1. Your **research question** (one sentence).
2. A brief description of the **synthetic control design** (treated unit, treatment year, donor pool, outcome).
3. A description of the **pre‑treatment fit** (e.g., "The synthetic UK closely tracks the actual UK before 2016, with an MSPE of X.").
4. The **key result** (the estimated effect of Brexit on the Liberal Democracy Index) and its **interpretation**. You may find the effect is smaller than you expect. That's a legitimate finding, and your paragraph should describe what you actually see, not what you expected.
5. An assessment of **inferential strength** (e.g., "The placebo test shows that the UK's post‑2016 gap is larger than Y% of placebo gaps, suggesting the effect is statistically meaningful.").

---

## Example Paragraph (for a different question)

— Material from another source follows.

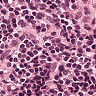
Metastatic tissue present: no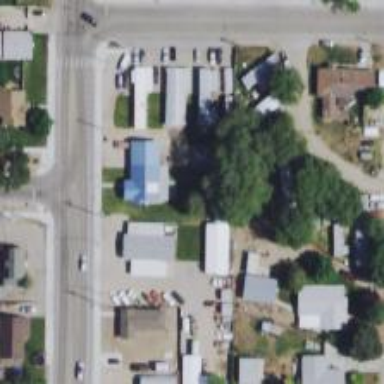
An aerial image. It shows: Residential area known as trailer park.

> *Our group asks: Did California's Proposition 99 reduce cigarette consumption? We used a synthetic control design, constructing a "synthetic California" from a weighted average of 38 other U.S. states that did not enact similar tobacco control programs. The outcome is per‑capita cigarette sales. The pre‑treatment fit was excellent: the synthetic California closely mirrored actual California's cigarette sales from 1970 to 1988, with an MSPE of 0.02. After Proposition 99 passed in 1988, actual California cigarette sales fell sharply, ending up approximately 20 packs per capita lower than the synthetic control by 2000. A placebo test reveals that California's post‑treatment gap is larger than 95% of the placebo gaps, indicating that the effect is statistically significant at the 5% level. The main limitation is the assumption of no spillovers—tobacco companies may have shifted marketing to neighboring states.*

---

## Reminders

- One submission per student.

---

# 6. Wrap‑Up
### Cheat Sheet for Synthetic Control

---

> **Single most important rule for Synthetic Control:** The pre‑treatment fit is everything!